Analytical studies of clipping in nonconvex and stochastic settings have demonstrated that hard-clipped SGD introduces bias and can slow correction in the presence of persistent noise (Koloskova et al., 2023, Li et al., 2023). In GPPO, the controlled capping reduces this bias and accelerates convergence.
GPPO's stop-gradient decoupling retains the original trust-region behavior in expected policy divergence, while offering improved gradient coverage. This leads to more effective transfer of supervised fine-tuning to RL, especially on reasoning benchmarks that require discovering rare solution paths or correcting subtle errors.

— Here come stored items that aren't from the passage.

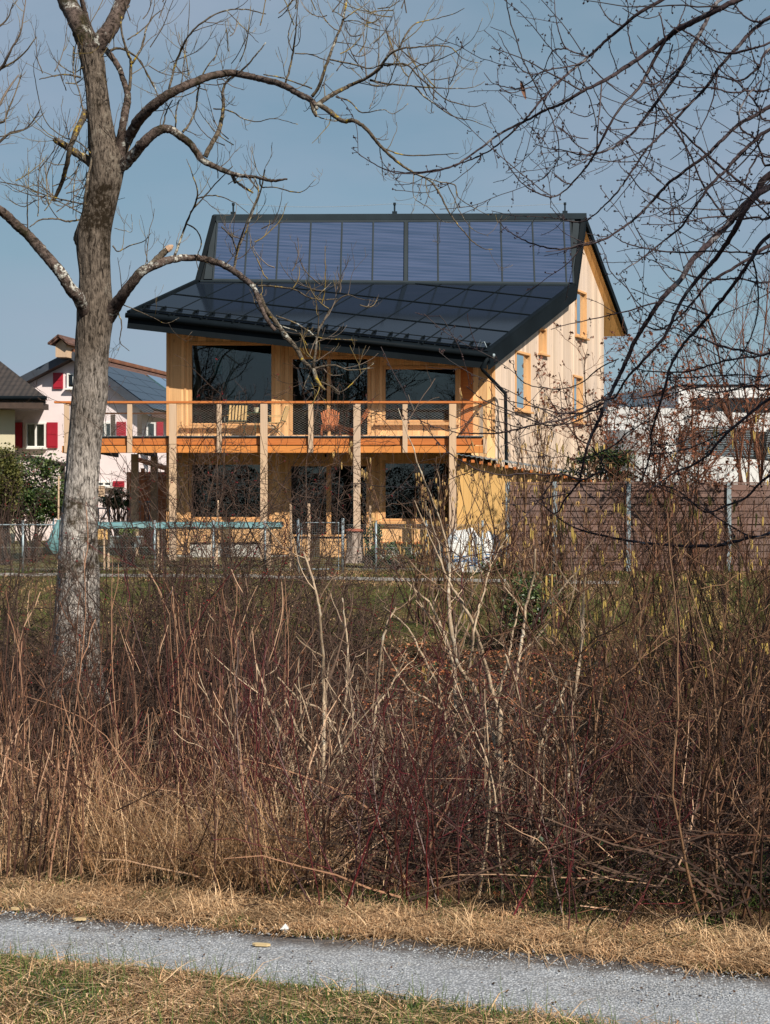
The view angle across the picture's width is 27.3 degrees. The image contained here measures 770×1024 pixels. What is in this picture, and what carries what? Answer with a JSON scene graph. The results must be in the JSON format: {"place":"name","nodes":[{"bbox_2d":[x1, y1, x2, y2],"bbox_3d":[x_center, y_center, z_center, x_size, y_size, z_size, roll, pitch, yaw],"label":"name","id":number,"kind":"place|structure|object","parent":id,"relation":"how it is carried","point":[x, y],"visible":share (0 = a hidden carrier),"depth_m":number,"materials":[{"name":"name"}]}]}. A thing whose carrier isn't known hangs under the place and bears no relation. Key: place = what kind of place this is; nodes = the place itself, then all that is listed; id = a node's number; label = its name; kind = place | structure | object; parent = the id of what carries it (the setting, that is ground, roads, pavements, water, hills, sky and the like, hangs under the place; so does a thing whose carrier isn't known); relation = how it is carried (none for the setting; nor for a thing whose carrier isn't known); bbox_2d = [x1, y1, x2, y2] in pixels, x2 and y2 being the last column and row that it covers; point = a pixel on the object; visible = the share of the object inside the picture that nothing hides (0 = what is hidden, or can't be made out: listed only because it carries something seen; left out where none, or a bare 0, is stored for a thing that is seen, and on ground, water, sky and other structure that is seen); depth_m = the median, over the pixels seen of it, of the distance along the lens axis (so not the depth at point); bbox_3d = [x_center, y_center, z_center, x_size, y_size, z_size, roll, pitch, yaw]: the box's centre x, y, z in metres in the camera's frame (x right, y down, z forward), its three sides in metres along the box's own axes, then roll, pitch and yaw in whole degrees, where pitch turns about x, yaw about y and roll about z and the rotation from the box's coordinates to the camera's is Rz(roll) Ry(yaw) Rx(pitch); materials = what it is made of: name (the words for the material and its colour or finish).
{"place":"outdoors","nodes":[
{"label":"outdoors","id":0,"kind":"place"},
{"bbox_2d":[0,931,758,1023],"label":"grass","id":1,"kind":"structure","parent":0,"point":[179,983],"depth_m":4.94,"materials":[{"name":"plant"}]},
{"bbox_2d":[0,901,769,1023],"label":"path","id":2,"kind":"structure","parent":0,"point":[463,978],"depth_m":5.69,"materials":[{"name":"grey gravel"}]},
{"bbox_2d":[0,684,769,954],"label":"grass","id":3,"kind":"structure","parent":0,"point":[153,855],"depth_m":7.07,"materials":[{"name":"plant"}]},
{"bbox_2d":[0,541,769,1023],"bbox_3d":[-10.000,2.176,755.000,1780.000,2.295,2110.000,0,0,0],"label":"ground","id":4,"kind":"structure","parent":0,"point":[386,643],"depth_m":26.39,"materials":[{"name":"brown plant"}]},
{"bbox_2d":[0,442,27,564],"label":"conifer bush","id":5,"kind":"object","parent":4,"relation":"on","point":[10,469],"visible":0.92,"depth_m":42.91,"materials":[{"name":"green plant"}]},
{"bbox_2d":[0,0,46,144],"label":"young bare tree","id":6,"kind":"object","parent":4,"relation":"on","point":[3,66],"visible":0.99,"depth_m":25.08,"materials":[{"name":"brown wood"}]},
{"bbox_2d":[0,361,48,542],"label":"cream house","id":7,"kind":"structure","parent":4,"relation":"on","point":[14,387],"depth_m":62.00,"materials":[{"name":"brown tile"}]},
{"bbox_2d":[0,448,65,561],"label":"evergreen bush","id":8,"kind":"object","parent":4,"relation":"on","point":[48,469],"visible":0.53,"depth_m":43.92,"materials":[{"name":"green plant"}]},
{"bbox_2d":[0,585,68,852],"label":"bare shrub","id":9,"kind":"object","parent":4,"relation":"on","point":[9,733],"visible":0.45,"depth_m":10.15,"materials":[{"name":"beige plant"}]},
{"bbox_2d":[0,452,98,736],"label":"hawthorn shrub","id":10,"kind":"object","parent":4,"relation":"on","point":[13,603],"visible":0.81,"depth_m":19.00,"materials":[{"name":"brown plant"}]},
{"bbox_2d":[0,502,102,881],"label":"bare shrub","id":11,"kind":"object","parent":4,"relation":"on","point":[37,792],"visible":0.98,"depth_m":7.06,"materials":[{"name":"beige plant"}]},
{"bbox_2d":[6,692,97,877],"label":"bare shrub","id":12,"kind":"object","parent":4,"relation":"on","point":[69,777],"visible":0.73,"depth_m":7.22,"materials":[{"name":"beige plant"}]},
{"bbox_2d":[0,613,144,764],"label":"hawthorn shrub","id":13,"kind":"object","parent":4,"relation":"on","point":[67,689],"visible":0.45,"depth_m":18.30,"materials":[{"name":"brown plant"}]},
{"bbox_2d":[0,450,151,717],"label":"hawthorn shrub","id":14,"kind":"object","parent":4,"relation":"on","point":[16,603],"visible":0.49,"depth_m":21.19,"materials":[{"name":"brown plant"}]},
{"bbox_2d":[15,334,165,540],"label":"pink house","id":15,"kind":"structure","parent":4,"relation":"on","point":[35,430],"depth_m":65.81,"materials":[{"name":"paint"}]},
{"bbox_2d":[15,422,57,448],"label":"window","id":16,"kind":"structure","parent":15,"relation":"in","point":[35,432],"depth_m":65.98,"materials":[{"name":"white paint"}]},
{"bbox_2d":[79,603,155,847],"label":"bare shrub","id":17,"kind":"object","parent":4,"relation":"on","point":[111,712],"visible":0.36,"depth_m":10.10,"materials":[{"name":"beige plant"}]},
{"bbox_2d":[0,495,271,784],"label":"hawthorn shrub","id":18,"kind":"object","parent":4,"relation":"on","point":[126,661],"visible":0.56,"depth_m":17.17,"materials":[{"name":"brown plant"}]},
{"bbox_2d":[62,588,209,852],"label":"bare shrub","id":19,"kind":"object","parent":4,"relation":"on","point":[120,686],"visible":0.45,"depth_m":10.04,"materials":[{"name":"beige plant"}]},
{"bbox_2d":[85,559,198,870],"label":"bare shrub","id":20,"kind":"object","parent":4,"relation":"on","point":[180,707],"visible":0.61,"depth_m":7.99,"materials":[{"name":"beige plant"}]},
{"bbox_2d":[127,458,165,546],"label":"garden shelter","id":21,"kind":"object","parent":4,"relation":"on","point":[160,493],"visible":0.27,"depth_m":57.30,"materials":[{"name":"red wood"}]},
{"bbox_2d":[44,639,270,846],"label":"dogwood shrub","id":22,"kind":"object","parent":4,"relation":"on","point":[210,678],"visible":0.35,"depth_m":8.15,"materials":[{"name":"brown plant"}]},
{"bbox_2d":[82,558,232,839],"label":"bare shrub","id":23,"kind":"object","parent":4,"relation":"on","point":[116,778],"visible":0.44,"depth_m":8.73,"materials":[{"name":"beige plant"}]},
{"bbox_2d":[112,554,232,820],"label":"bare shrub","id":24,"kind":"object","parent":4,"relation":"on","point":[144,678],"visible":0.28,"depth_m":9.28,"materials":[{"name":"beige plant"}]},
{"bbox_2d":[29,419,328,693],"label":"hawthorn shrub","id":25,"kind":"object","parent":4,"relation":"on","point":[102,619],"visible":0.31,"depth_m":22.15,"materials":[{"name":"brown plant"}]},
{"bbox_2d":[98,522,283,569],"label":"covered garden table","id":26,"kind":"object","parent":4,"relation":"on","point":[143,525],"visible":0.38,"depth_m":41.24,"materials":[{"name":"teal fabric"}]},
{"bbox_2d":[146,595,236,852],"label":"bare shrub","id":27,"kind":"object","parent":4,"relation":"on","point":[195,738],"visible":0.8,"depth_m":7.61,"materials":[{"name":"beige plant"}]},
{"bbox_2d":[24,341,361,713],"bbox_3d":[-2.204,0.305,20.887,3.837,5.500,5.296,0,0,-28],"label":"hawthorn shrub","id":28,"kind":"object","parent":4,"relation":"on","point":[153,525],"visible":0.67,"depth_m":20.77,"materials":[{"name":"brown plant"}]},
{"bbox_2d":[82,628,330,858],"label":"dogwood shrub","id":29,"kind":"object","parent":4,"relation":"on","point":[117,727],"visible":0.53,"depth_m":7.74,"materials":[{"name":"brown plant"}]},
{"bbox_2d":[45,468,384,807],"bbox_3d":[-1.538,1.336,16.441,3.169,3.637,5.111,0,0,-38],"label":"hawthorn shrub","id":30,"kind":"object","parent":4,"relation":"on","point":[172,624],"visible":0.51,"depth_m":16.66,"materials":[{"name":"brown plant"}]},
{"bbox_2d":[165,560,284,823],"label":"bare shrub","id":31,"kind":"object","parent":4,"relation":"on","point":[267,651],"visible":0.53,"depth_m":8.08,"materials":[{"name":"beige plant"}]},
{"bbox_2d":[0,382,450,720],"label":"hawthorn shrub","id":32,"kind":"object","parent":4,"relation":"on","point":[211,530],"visible":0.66,"depth_m":19.80,"materials":[{"name":"brown plant"}]},
{"bbox_2d":[177,554,281,849],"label":"bare shrub","id":33,"kind":"object","parent":4,"relation":"on","point":[219,723],"visible":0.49,"depth_m":7.86,"materials":[{"name":"beige plant"}]},
{"bbox_2d":[0,520,503,572],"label":"chain link fence","id":34,"kind":"object","parent":4,"relation":"on","point":[154,537],"visible":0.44,"depth_m":40.33,"materials":[{"name":"metal"}]},
{"bbox_2d":[0,0,509,703],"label":"ash tree","id":35,"kind":"object","parent":4,"relation":"on","point":[110,158],"visible":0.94,"depth_m":21.77,"materials":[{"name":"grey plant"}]},
{"bbox_2d":[225,574,298,843],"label":"bare shrub","id":36,"kind":"object","parent":4,"relation":"on","point":[257,673],"visible":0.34,"depth_m":8.87,"materials":[{"name":"beige plant"}]},
{"bbox_2d":[117,489,413,790],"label":"hawthorn shrub","id":37,"kind":"object","parent":4,"relation":"on","point":[316,634],"visible":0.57,"depth_m":16.82,"materials":[{"name":"brown plant"}]},
{"bbox_2d":[60,490,494,894],"bbox_3d":[-0.477,0.818,6.902,1.633,1.823,1.227,0,0,29],"label":"dogwood shrub","id":38,"kind":"object","parent":4,"relation":"on","point":[230,741],"visible":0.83,"depth_m":7.02,"materials":[{"name":"brown plant"}]},
{"bbox_2d":[163,589,393,873],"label":"bare shrub","id":39,"kind":"object","parent":4,"relation":"on","point":[235,745],"visible":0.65,"depth_m":7.32,"materials":[{"name":"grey plant"}]},
{"bbox_2d":[104,333,453,702],"bbox_3d":[-1.585,0.131,20.923,4.151,5.236,5.866,0,0,14],"label":"hawthorn shrub","id":40,"kind":"object","parent":4,"relation":"on","point":[279,533],"visible":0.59,"depth_m":21.37,"materials":[{"name":"brown plant"}]},
{"bbox_2d":[200,606,362,896],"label":"bare shrub","id":41,"kind":"object","parent":4,"relation":"on","point":[245,801],"visible":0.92,"depth_m":6.73,"materials":[{"name":"beige plant"}]},
{"bbox_2d":[199,432,410,686],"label":"hawthorn shrub","id":42,"kind":"object","parent":4,"relation":"on","point":[345,571],"visible":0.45,"depth_m":23.04,"materials":[{"name":"brown plant"}]},
{"bbox_2d":[247,555,363,833],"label":"bare shrub","id":43,"kind":"object","parent":4,"relation":"on","point":[310,735],"visible":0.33,"depth_m":8.94,"materials":[{"name":"beige plant"}]},
{"bbox_2d":[54,202,627,559],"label":"timber house","id":44,"kind":"structure","parent":4,"relation":"on","point":[406,270],"depth_m":47.60,"materials":[{"name":"beige wood"}]},
{"bbox_2d":[181,461,270,521],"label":"window","id":45,"kind":"structure","parent":44,"relation":"in","point":[256,464],"depth_m":46.89,"materials":[{"name":"black glass"}]},
{"bbox_2d":[181,342,274,427],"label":"window","id":46,"kind":"structure","parent":44,"relation":"in","point":[250,364],"depth_m":47.60,"materials":[{"name":"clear glass"}]},
{"bbox_2d":[288,463,369,538],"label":"sliding door","id":47,"kind":"structure","parent":44,"relation":"in","point":[343,471],"depth_m":47.60,"materials":[{"name":"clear glass"}]},
{"bbox_2d":[290,356,370,435],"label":"sliding door","id":48,"kind":"structure","parent":44,"relation":"in","point":[363,382],"depth_m":47.60,"materials":[{"name":"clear glass"}]},
{"bbox_2d":[377,460,448,523],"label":"window","id":49,"kind":"structure","parent":44,"relation":"in","point":[398,474],"depth_m":47.60,"materials":[{"name":"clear glass"}]},
{"bbox_2d":[375,366,459,424],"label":"window","id":50,"kind":"structure","parent":44,"relation":"in","point":[445,386],"depth_m":47.60,"materials":[{"name":"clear glass"}]},
{"bbox_2d":[515,350,533,413],"bbox_3d":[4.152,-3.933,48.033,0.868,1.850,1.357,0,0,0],"label":"side window","id":51,"kind":"structure","parent":44,"relation":"in","point":[522,359],"depth_m":48.26,"materials":[{"name":"blue glass"}]},
{"bbox_2d":[271,502,433,722],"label":"hawthorn shrub","id":52,"kind":"object","parent":4,"relation":"on","point":[362,656],"visible":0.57,"depth_m":19.97,"materials":[{"name":"brown plant"}]},
{"bbox_2d":[199,614,523,909],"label":"dogwood shrub","id":53,"kind":"object","parent":4,"relation":"on","point":[357,838],"visible":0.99,"depth_m":6.51,"materials":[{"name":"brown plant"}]},
{"bbox_2d":[323,690,427,886],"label":"bare shrub","id":54,"kind":"object","parent":4,"relation":"on","point":[340,823],"visible":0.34,"depth_m":7.60,"materials":[{"name":"brown plant"}]},
{"bbox_2d":[0,526,769,962],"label":"brushwood","id":55,"kind":"object","parent":4,"relation":"on","point":[690,834],"visible":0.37,"depth_m":7.24,"materials":[{"name":"beige plant"}]},
{"bbox_2d":[0,858,769,983],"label":"grass","id":56,"kind":"structure","parent":4,"relation":"on","point":[746,958],"depth_m":6.30,"materials":[{"name":"plant"}]},
{"bbox_2d":[0,641,769,911],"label":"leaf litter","id":57,"kind":"object","parent":4,"relation":"on","point":[464,668],"visible":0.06,"depth_m":21.42,"materials":[{"name":"brown plant"}]},
{"bbox_2d":[0,568,769,661],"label":"grass","id":58,"kind":"structure","parent":4,"relation":"on","point":[378,574],"depth_m":34.27,"materials":[{"name":"plant"}]},
{"bbox_2d":[323,652,503,898],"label":"bare shrub","id":59,"kind":"object","parent":4,"relation":"on","point":[476,792],"visible":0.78,"depth_m":7.23,"materials":[{"name":"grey plant"}]},
{"bbox_2d":[205,366,629,896],"bbox_3d":[0.206,0.695,8.585,2.305,3.096,1.714,0,0,0],"label":"forking shrub","id":60,"kind":"object","parent":4,"relation":"on","point":[480,650],"visible":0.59,"depth_m":8.47,"materials":[{"name":"brown plant"}]},
{"bbox_2d":[353,457,501,624],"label":"hazel shrub","id":61,"kind":"object","parent":4,"relation":"on","point":[418,576],"visible":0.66,"depth_m":30.06,"materials":[{"name":"brown plant"}]},
{"bbox_2d":[332,440,524,662],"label":"hazel shrub","id":62,"kind":"object","parent":4,"relation":"on","point":[428,546],"visible":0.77,"depth_m":25.46,"materials":[{"name":"brown plant"}]},
{"bbox_2d":[310,524,547,910],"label":"dogwood shrub","id":63,"kind":"object","parent":4,"relation":"on","point":[429,824],"visible":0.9,"depth_m":6.53,"materials":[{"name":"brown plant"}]},
{"bbox_2d":[314,599,583,894],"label":"dogwood shrub","id":64,"kind":"object","parent":4,"relation":"on","point":[463,778],"visible":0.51,"depth_m":8.04,"materials":[{"name":"brown plant"}]},
{"bbox_2d":[389,588,559,897],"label":"bare shrub","id":65,"kind":"object","parent":4,"relation":"on","point":[498,809],"visible":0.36,"depth_m":8.23,"materials":[{"name":"brown plant"}]},
{"bbox_2d":[447,452,593,556],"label":"garden shed","id":66,"kind":"structure","parent":4,"relation":"on","point":[468,498],"depth_m":44.50,"materials":[{"name":"yellow painted wood"},{"name":"clay tile"}]},
{"bbox_2d":[418,388,642,650],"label":"hazel shrub","id":67,"kind":"object","parent":4,"relation":"on","point":[523,496],"visible":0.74,"depth_m":27.45,"materials":[{"name":"brown plant"}]},
{"bbox_2d":[492,566,571,651],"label":"ivy bush","id":68,"kind":"object","parent":4,"relation":"on","point":[537,596],"visible":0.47,"depth_m":26.84,"materials":[{"name":"green plant"}]},
{"bbox_2d":[450,639,614,903],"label":"bare shrub","id":69,"kind":"object","parent":4,"relation":"on","point":[531,843],"visible":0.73,"depth_m":6.87,"materials":[{"name":"brown plant"}]},
{"bbox_2d":[367,648,698,929],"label":"dogwood shrub","id":70,"kind":"object","parent":4,"relation":"on","point":[542,862],"visible":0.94,"depth_m":6.40,"materials":[{"name":"red plant"}]},
{"bbox_2d":[316,0,769,564],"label":"crab apple tree","id":71,"kind":"object","parent":4,"relation":"on","point":[738,216],"visible":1,"depth_m":9.20,"materials":[{"name":"brown plant"}]},
{"bbox_2d":[419,593,666,898],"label":"dogwood shrub","id":72,"kind":"object","parent":4,"relation":"on","point":[507,837],"visible":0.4,"depth_m":7.77,"materials":[{"name":"brown plant"}]},
{"bbox_2d":[449,375,650,629],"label":"hazel shrub","id":73,"kind":"object","parent":4,"relation":"on","point":[540,437],"visible":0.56,"depth_m":29.95,"materials":[{"name":"brown plant"}]},
{"bbox_2d":[388,685,724,894],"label":"bare shrub","id":74,"kind":"object","parent":4,"relation":"on","point":[542,865],"visible":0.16,"depth_m":8.43,"materials":[{"name":"brown plant"}]},
{"bbox_2d":[392,472,750,903],"bbox_3d":[0.836,0.827,7.073,1.611,2.002,1.797,0,0,0],"label":"bare shrub","id":75,"kind":"object","parent":4,"relation":"on","point":[592,779],"visible":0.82,"depth_m":6.80,"materials":[{"name":"brown plant"}]},
{"bbox_2d":[436,409,726,833],"bbox_3d":[1.984,1.105,12.579,2.956,4.012,1.794,0,0,-22],"label":"hazel shrub","id":76,"kind":"object","parent":4,"relation":"on","point":[546,619],"visible":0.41,"depth_m":12.39,"materials":[{"name":"brown plant"}]},
{"bbox_2d":[406,520,766,875],"bbox_3d":[1.363,1.547,10.052,2.320,2.995,1.540,0,0,18],"label":"hazel shrub","id":77,"kind":"object","parent":4,"relation":"on","point":[545,646],"visible":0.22,"depth_m":9.90,"materials":[{"name":"brown plant"}]},
{"bbox_2d":[407,484,769,932],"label":"bare shrub","id":78,"kind":"object","parent":4,"relation":"on","point":[716,819],"visible":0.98,"depth_m":6.22,"materials":[{"name":"brown plant"}]},
{"bbox_2d":[559,443,649,481],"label":"evergreen bush","id":79,"kind":"object","parent":4,"relation":"on","point":[622,461],"visible":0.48,"depth_m":42.39,"materials":[{"name":"green plant"}]},
{"bbox_2d":[458,417,769,889],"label":"hazel shrub","id":80,"kind":"object","parent":4,"relation":"on","point":[656,623],"visible":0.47,"depth_m":9.31,"materials":[{"name":"brown plant"}]},
{"bbox_2d":[539,534,696,891],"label":"bare shrub","id":81,"kind":"object","parent":4,"relation":"on","point":[572,747],"visible":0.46,"depth_m":8.06,"materials":[{"name":"brown plant"}]},
{"bbox_2d":[505,482,769,570],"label":"plank fence","id":82,"kind":"object","parent":4,"relation":"on","point":[738,487],"visible":0.41,"depth_m":41.00,"materials":[{"name":"brown wood"}]},
{"bbox_2d":[509,366,768,825],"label":"hazel shrub","id":83,"kind":"object","parent":4,"relation":"on","point":[747,477],"visible":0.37,"depth_m":15.08,"materials":[{"name":"brown plant"}]},
{"bbox_2d":[529,322,750,481],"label":"clematis covered tree","id":84,"kind":"object","parent":4,"relation":"on","point":[611,417],"visible":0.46,"depth_m":45.85,"materials":[{"name":"brown plant"}]},
{"bbox_2d":[511,456,769,865],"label":"hazel shrub","id":85,"kind":"object","parent":4,"relation":"on","point":[621,509],"visible":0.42,"depth_m":10.35,"materials":[{"name":"brown plant"}]},
{"bbox_2d":[524,533,769,881],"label":"hazel shrub","id":86,"kind":"object","parent":4,"relation":"on","point":[669,626],"visible":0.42,"depth_m":8.48,"materials":[{"name":"brown plant"}]},
{"bbox_2d":[552,617,743,902],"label":"bare shrub","id":87,"kind":"object","parent":4,"relation":"on","point":[667,766],"visible":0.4,"depth_m":7.43,"materials":[{"name":"brown plant"}]},
{"bbox_2d":[533,488,769,862],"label":"hazel shrub","id":88,"kind":"object","parent":4,"relation":"on","point":[763,518],"visible":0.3,"depth_m":12.96,"materials":[{"name":"brown plant"}]},
{"bbox_2d":[573,416,729,643],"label":"bare shrub","id":89,"kind":"object","parent":4,"relation":"on","point":[628,547],"visible":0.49,"depth_m":27.04,"materials":[{"name":"brown plant"}]},
{"bbox_2d":[536,485,769,844],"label":"hazel shrub","id":90,"kind":"object","parent":4,"relation":"on","point":[738,518],"visible":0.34,"depth_m":12.06,"materials":[{"name":"brown plant"}]},
{"bbox_2d":[557,531,767,899],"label":"dogwood shrub","id":91,"kind":"object","parent":4,"relation":"on","point":[679,654],"visible":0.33,"depth_m":7.86,"materials":[{"name":"red plant"}]},
{"bbox_2d":[572,316,769,570],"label":"clematis covered tree","id":92,"kind":"object","parent":4,"relation":"on","point":[669,470],"visible":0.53,"depth_m":40.27,"materials":[{"name":"brown bark"},{"name":"dry clematis vine and seed heads"}]},
{"bbox_2d":[584,401,769,842],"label":"hazel shrub","id":93,"kind":"object","parent":4,"relation":"on","point":[731,434],"visible":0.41,"depth_m":14.13,"materials":[{"name":"brown plant"}]},
{"bbox_2d":[594,309,769,571],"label":"clematis covered tree","id":94,"kind":"object","parent":4,"relation":"on","point":[693,449],"visible":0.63,"depth_m":40.37,"materials":[{"name":"brown bark"},{"name":"dry clematis vine and seed heads"}]},
{"bbox_2d":[602,525,769,899],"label":"bare shrub","id":95,"kind":"object","parent":4,"relation":"on","point":[730,705],"visible":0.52,"depth_m":7.12,"materials":[{"name":"brown plant"}]},
{"bbox_2d":[604,384,769,481],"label":"white modern house","id":96,"kind":"structure","parent":4,"relation":"on","point":[753,471],"depth_m":69.64,"materials":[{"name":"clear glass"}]},
{"bbox_2d":[608,534,769,867],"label":"bare shrub","id":97,"kind":"object","parent":4,"relation":"on","point":[690,611],"visible":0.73,"depth_m":7.00,"materials":[{"name":"brown plant"}]},
{"bbox_2d":[624,608,769,894],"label":"bare shrub","id":98,"kind":"object","parent":4,"relation":"on","point":[757,669],"visible":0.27,"depth_m":7.61,"materials":[{"name":"brown plant"}]},
{"bbox_2d":[635,417,769,892],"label":"hazel shrub","id":99,"kind":"object","parent":4,"relation":"on","point":[708,610],"visible":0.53,"depth_m":9.97,"materials":[{"name":"brown plant"}]},
{"bbox_2d":[641,187,769,481],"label":"weeping tree","id":100,"kind":"object","parent":4,"relation":"on","point":[761,469],"visible":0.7,"depth_m":50.16,"materials":[{"name":"brown plant"}]},
{"bbox_2d":[0,0,769,395],"label":"sky","id":101,"kind":"structure","parent":0,"point":[35,308],"materials":[{"name":"blue"}]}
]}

7. Summary Table: Hard Clipping vs. Gradient-Preserving Clipping

Feature	Hard Clipping (PPO/GRPO)	Gradient-Preserving (GPPO)
Gradient outside clip region	Zeroed	Capped at boundary value
Exploration signal	Suppressed for high $r_t$	Retained via nonzero gradient
Suboptimal correction	Delayed, gradients masked	Accelerated, preserved feedback
Forward loss	Original trust-region surrogate	Identical via stop-gradient
Empirical effect (Klear-Reasoner)	Prone to premature convergence	Enhanced reasoning, exploration

8. Conclusion

Gradient-Preserving Clipping Policy Optimization (GPPO) generalizes classical clipping in RL by preserving, rather than extinguishing, gradient signals outside the trust-region boundaries, using stop-gradient-based capping in the backward pass. This mechanism resolves critical shortcomings of prior approaches—namely, suppression of high-entropy exploratory actions and masking of negative feedback on suboptimal trajectories. Empirical evidence from Klear-Reasoner demonstrates substantial gains in mathematical and programmatic reasoning tasks, confirming that GPPO improves both exploration and learning efficiency without destabilizing training dynamics. GPPO’s theoretical underpinnings and practical realization mark it as a structurally significant advance in reinforcement learning optimization, especially for large-scale, chain-of-thought reasoning models (Su et al., 11 Aug 2025).